Exercise description:
Find the word "fill" in the listing. Copy out each line where it occurs.

◆ ◆ ◆ ◆ ◆

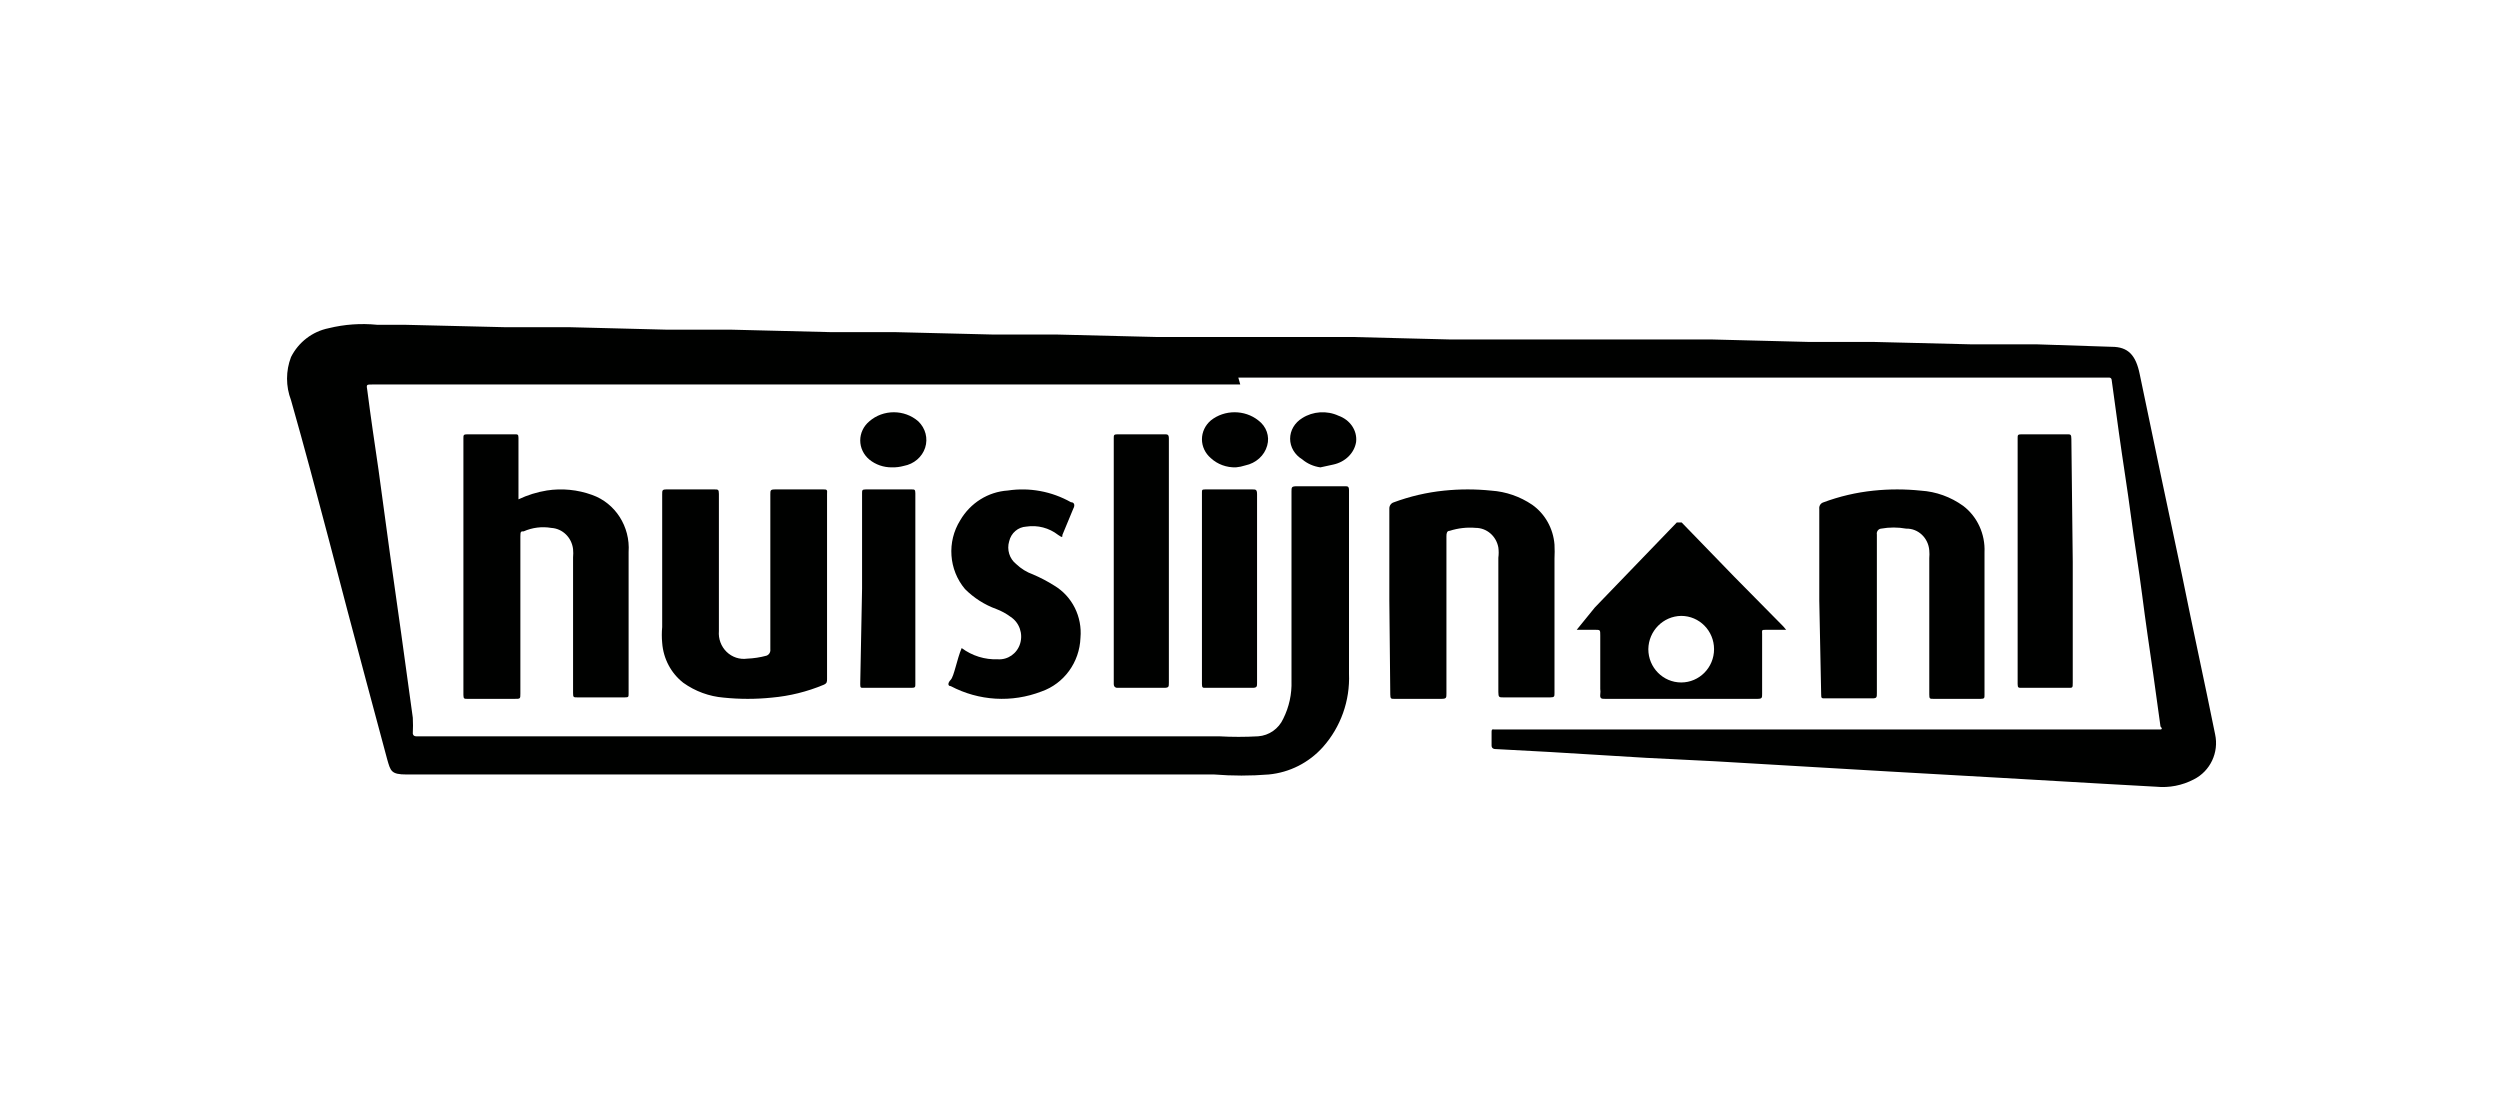 <?xml version="1.0" encoding="UTF-8"?>
<svg width="270px" height="120px" viewBox="0 0 270 120" version="1.1" xmlns="http://www.w3.org/2000/svg" xmlns:xlink="http://www.w3.org/1999/xlink">
    <!-- Generator: Sketch 62 (91390) - https://sketch.com -->
    <title>huislijn</title>
    <desc>Created with Sketch.</desc>
    <g id="Page-1" stroke="none" stroke-width="1" fill="none" fill-rule="evenodd">
        <g id="Artboard" transform="translate(-2047, -2358)">
            <g id="huislijn" transform="translate(2047, 2358)">
                <rect id="Rectangle-Copy" fill="#FFFFFF" x="0" y="0" width="270" height="120"></rect>
                <g transform="translate(31, 35)" fill="#000100">
                    <path d="M102.947,6.524 L9.25,6.524 C8.519,6.524 8.572,6.524 8.676,7.211 C9.041,10.064 9.459,12.865 9.877,15.719 L11.129,24.915 C11.547,27.769 11.912,30.569 12.33,33.423 L13.583,42.513 C13.612,43.076 13.612,43.641 13.583,44.204 C13.583,44.204 13.583,44.521 13.948,44.521 L100.651,44.521 C102.059,44.601 103.47,44.601 104.879,44.521 C106.059,44.437 107.1,43.708 107.593,42.619 C108.224,41.36 108.529,39.96 108.481,38.55 L108.481,18.097 C108.481,17.622 108.481,17.516 109.055,17.516 L114.275,17.516 C114.536,17.516 114.692,17.516 114.692,17.939 C114.692,24.545 114.692,31.151 114.692,37.757 C114.813,40.671 113.801,43.517 111.873,45.684 C110.358,47.375 108.273,48.431 106.027,48.644 C104.064,48.802 102.092,48.802 100.129,48.644 L96.318,48.644 L85.878,48.644 L76.274,48.644 L66.46,48.644 L56.908,48.644 L47.094,48.644 L37.49,48.644 L27.676,48.644 L18.124,48.644 C16.349,48.644 14.575,48.644 12.904,48.644 C11.234,48.644 11.182,48.274 10.816,47.005 C10.033,44.151 9.302,41.298 8.519,38.444 C5.805,28.403 3.3,18.309 0.429,8.215 C-0.143,6.718 -0.143,5.06 0.429,3.564 C1.242,1.948 2.743,0.799 4.5,0.446 C6.207,0.027 7.972,-0.098 9.72,0.076 L12.643,0.076 L23.657,0.34 L30.6,0.34 L41.039,0.605 L47.982,0.605 L58.683,0.869 L65.625,0.869 L76.378,1.133 L83.268,1.133 L93.969,1.397 L100.964,1.397 L108.115,1.397 L115.11,1.397 L125.55,1.661 L132.596,1.661 L139.643,1.661 L146.742,1.661 L153.789,1.661 L164.229,1.926 L171.224,1.926 L181.977,2.19 L189.024,2.19 L197.062,2.454 C198.837,2.454 199.672,3.353 200.09,5.414 C201.604,12.654 203.117,19.947 204.683,27.24 C205.832,32.948 207.084,38.602 208.233,44.31 C208.657,46.272 207.711,48.275 205.936,49.172 C204.683,49.829 203.269,50.104 201.865,49.965 L196.175,49.648 L185.213,49.013 L173.103,48.326 L165.899,47.904 L154.207,47.217 L146.795,46.847 L136.355,46.213 L130.456,45.895 C130.456,45.895 130.091,45.895 130.091,45.526 L130.091,44.099 C130.091,43.834 130.091,43.729 130.404,43.782 L202.334,43.782 C202.334,43.782 202.648,43.782 202.334,43.464 L201.551,37.81 C201.134,34.956 200.716,32.102 200.351,29.248 C199.985,26.394 199.516,23.593 199.15,20.793 C198.785,17.992 198.263,14.768 197.845,11.755 L197.062,6.048 C197.062,6.048 197.062,5.731 196.697,5.784 L102.739,5.784 L102.947,6.524 Z" id="Path"></path>
                    <path d="M24.995,18.928 C25.973,18.464 27.008,18.142 28.071,17.97 C29.708,17.72 31.38,17.884 32.942,18.449 C35.456,19.337 37.078,21.872 36.89,24.621 L36.89,39.891 C36.89,40.263 36.89,40.317 36.48,40.317 L31.353,40.317 C30.943,40.317 30.891,40.317 30.891,39.838 L30.891,25.206 C30.918,24.905 30.918,24.603 30.891,24.302 C30.744,23.046 29.75,22.082 28.533,22.014 C27.528,21.844 26.496,21.973 25.559,22.386 C25.251,22.386 25.2,22.386 25.2,22.972 L25.2,39.891 C25.2,40.476 25.2,40.476 24.585,40.476 L19.458,40.476 C19.15,40.476 19.048,40.476 19.048,40.051 L19.048,12.33 C19.048,12.011 19.048,11.905 19.458,11.905 L24.585,11.905 C24.893,11.905 24.995,11.905 24.995,12.277 L24.995,18.928 Z" id="Path"></path>
                    <path d="M58.321,28.354 L58.321,38.318 C58.321,38.638 58.321,38.797 57.957,38.957 C56.167,39.705 54.277,40.172 52.351,40.343 C50.625,40.521 48.886,40.521 47.16,40.343 C45.595,40.215 44.09,39.664 42.8,38.744 C41.471,37.709 40.639,36.137 40.516,34.428 C40.463,33.861 40.463,33.29 40.516,32.723 L40.516,18.39 C40.516,17.964 40.516,17.857 40.983,17.857 L46.174,17.857 C46.537,17.857 46.641,17.857 46.641,18.337 L46.641,33.149 C46.57,33.99 46.876,34.818 47.472,35.399 C48.068,35.98 48.89,36.25 49.704,36.133 C50.405,36.105 51.102,35.998 51.78,35.814 C52.062,35.714 52.236,35.424 52.196,35.121 L52.196,18.39 C52.196,17.964 52.196,17.857 52.715,17.857 L57.906,17.857 C58.269,17.857 58.373,17.857 58.321,18.337 L58.321,28.354 Z" id="Path"></path>
                    <path d="M119.048,29.841 L119.048,19.946 C119.034,19.635 119.222,19.353 119.507,19.258 C121.268,18.604 123.099,18.178 124.96,17.988 C126.655,17.813 128.362,17.813 130.056,17.988 C131.637,18.094 133.164,18.622 134.49,19.523 C135.869,20.504 136.748,22.078 136.885,23.809 C136.911,24.32 136.911,24.832 136.885,25.343 L136.885,39.841 C136.885,40.212 136.885,40.317 136.426,40.317 C134.694,40.317 132.995,40.317 131.33,40.317 C130.922,40.317 130.821,40.317 130.821,39.735 L130.821,25.237 C130.871,24.869 130.871,24.495 130.821,24.126 C130.6,22.902 129.573,22.014 128.374,22.01 C127.429,21.929 126.478,22.037 125.571,22.327 C125.266,22.327 125.215,22.592 125.215,22.909 L125.215,39.894 C125.215,40.37 125.215,40.476 124.654,40.476 C122.921,40.476 121.223,40.476 119.558,40.476 C119.252,40.476 119.15,40.476 119.15,40 L119.048,29.841 Z" id="Path"></path>
                    <path d="M165.482,29.872 L165.482,19.961 C165.442,19.658 165.613,19.367 165.89,19.268 C167.651,18.609 169.484,18.18 171.345,17.989 C173.041,17.813 174.749,17.813 176.444,17.989 C178.089,18.091 179.676,18.663 181.033,19.641 C182.554,20.802 183.416,22.684 183.327,24.65 L183.327,40.05 C183.327,40.37 183.327,40.476 182.919,40.476 C181.135,40.476 179.35,40.476 177.821,40.476 C177.413,40.476 177.362,40.476 177.362,39.997 L177.362,25.289 C177.387,25.006 177.387,24.72 177.362,24.437 C177.254,23.087 176.159,22.059 174.863,22.092 C173.969,21.932 173.055,21.932 172.161,22.092 C172.015,22.104 171.881,22.181 171.794,22.304 C171.706,22.426 171.673,22.582 171.702,22.732 L171.702,39.837 C171.702,40.316 171.702,40.423 171.192,40.423 C169.459,40.423 167.759,40.423 166.094,40.423 C165.737,40.423 165.686,40.423 165.686,39.997 L165.482,29.872 Z" id="Path"></path>
                    <path d="M161.905,33.018 C161.11,33.018 160.475,33.018 159.839,33.018 C159.203,33.018 159.309,33.018 159.309,33.501 C159.309,35.647 159.309,37.793 159.309,39.94 C159.309,40.369 159.309,40.476 158.779,40.476 L142.358,40.476 C141.987,40.476 141.775,40.476 141.828,39.993 C141.855,39.797 141.855,39.599 141.828,39.403 C141.828,37.471 141.828,35.54 141.828,33.608 C141.828,33.018 141.828,33.018 141.246,33.018 L139.286,33.018 L141.246,30.604 L150.092,21.429 C150.092,21.429 150.41,21.429 150.622,21.429 L156.29,27.277 L161.587,32.643 L161.905,33.018 Z M147.02,35.111 C147.02,37.096 148.609,38.706 150.569,38.706 C152.529,38.706 154.118,37.096 154.118,35.111 C154.118,33.125 152.529,31.516 150.569,31.516 C148.621,31.545 147.048,33.137 147.02,35.111 L147.02,35.111 Z" id="Shape"></path>
                    <path d="M72.86,34.991 C73.992,35.831 75.365,36.257 76.76,36.203 C77.847,36.28 78.843,35.583 79.172,34.517 C79.509,33.424 79.088,32.235 78.146,31.62 C77.673,31.268 77.154,30.984 76.606,30.777 C75.337,30.319 74.181,29.582 73.219,28.617 C71.462,26.532 71.253,23.508 72.706,21.189 C73.798,19.317 75.716,18.116 77.838,17.976 C80.186,17.622 82.583,18.066 84.663,19.24 C85.023,19.24 85.125,19.556 84.92,19.925 L83.74,22.77 C83.74,23.033 83.74,23.086 83.278,22.77 C82.296,22.008 81.056,21.685 79.839,21.874 C78.949,21.92 78.196,22.564 77.992,23.455 C77.716,24.364 78.023,25.353 78.761,25.93 C79.28,26.422 79.891,26.799 80.558,27.037 C81.358,27.377 82.13,27.782 82.867,28.248 C84.795,29.405 85.895,31.603 85.69,33.885 C85.593,36.525 83.919,38.83 81.481,39.68 C78.281,40.916 74.72,40.705 71.679,39.101 C71.371,39.101 71.32,38.784 71.679,38.416 C72.038,38.047 72.346,36.203 72.86,34.991 Z" id="Path"></path>
                    <path d="M192.857,25.672 L192.857,38.72 C192.857,39.336 192.857,39.285 192.262,39.285 C190.625,39.285 188.938,39.285 187.302,39.285 C187.004,39.285 186.905,39.285 186.905,38.874 L186.905,12.316 C186.905,12.008 186.905,11.905 187.302,11.905 L192.262,11.905 C192.609,11.905 192.708,11.905 192.708,12.418 L192.857,25.672 Z" id="Path"></path>
                    <path d="M95.238,25.672 C95.238,30.039 95.238,34.405 95.238,38.721 C95.238,39.183 95.238,39.286 94.683,39.286 C92.968,39.286 91.253,39.286 89.639,39.286 C89.639,39.286 89.286,39.286 89.286,38.875 L89.286,12.316 C89.286,12.008 89.286,11.905 89.689,11.905 L94.734,11.905 C95.087,11.905 95.238,11.905 95.238,12.367 C95.238,16.785 95.238,21.254 95.238,25.672 Z" id="Path"></path>
                    <path d="M62.103,28.571 L62.103,18.269 C62.103,17.96 62.103,17.857 62.5,17.857 L67.46,17.857 C67.758,17.857 67.857,17.857 67.857,18.269 L67.857,38.874 C67.857,39.183 67.857,39.286 67.46,39.286 C65.708,39.286 63.972,39.286 62.252,39.286 C61.954,39.286 61.905,39.286 61.905,38.874 L62.103,28.571 Z" id="Path"></path>
                    <path d="M104.762,28.442 C104.762,31.85 104.762,35.258 104.762,38.769 C104.762,39.131 104.762,39.286 104.253,39.286 C102.523,39.286 100.743,39.286 99.166,39.286 C98.911,39.286 98.81,39.286 98.81,38.873 L98.81,18.219 C98.81,17.909 98.81,17.857 99.166,17.857 L104.253,17.857 C104.609,17.857 104.762,17.857 104.762,18.373 C104.762,21.575 104.762,25.034 104.762,28.442 Z" id="Path"></path>
                    <path d="M102.476,15.475 C101.466,15.504 100.488,15.144 99.773,14.481 C99.159,13.956 98.81,13.217 98.81,12.442 C98.81,11.667 99.159,10.927 99.773,10.403 C101.248,9.231 103.423,9.231 104.898,10.403 C105.77,11.052 106.146,12.119 105.856,13.122 C105.566,14.193 104.651,15.022 103.49,15.265 C103.163,15.373 102.822,15.443 102.476,15.475 L102.476,15.475 Z" id="Path"></path>
                    <path d="M65.336,15.475 C64.438,15.487 63.566,15.186 62.885,14.629 C62.262,14.107 61.905,13.357 61.905,12.568 C61.905,11.779 62.262,11.028 62.885,10.506 C64.379,9.196 66.683,9.196 68.177,10.506 C68.957,11.254 69.241,12.349 68.915,13.355 C68.588,14.36 67.705,15.115 66.617,15.316 C66.201,15.431 65.769,15.485 65.336,15.475 Z" id="Path"></path>
                    <path d="M111.601,15.476 C110.868,15.374 110.187,15.073 109.645,14.614 C108.825,14.115 108.333,13.279 108.333,12.383 C108.333,11.488 108.825,10.652 109.645,10.153 C110.797,9.417 112.303,9.319 113.558,9.899 C114.825,10.349 115.603,11.512 115.459,12.738 C115.266,13.93 114.291,14.894 112.999,15.172 L111.601,15.476 Z" id="Path"></path>
                </g>
            </g>
        </g>
    </g>
</svg>

◆ ◆ ◆ ◆ ◆

Final answer:
    <g id="Page-1" stroke="none" stroke-width="1" fill="none" fill-rule="evenodd">
                <rect id="Rectangle-Copy" fill="#FFFFFF" x="0" y="0" width="270" height="120"></rect>
                <g transform="translate(31, 35)" fill="#000100">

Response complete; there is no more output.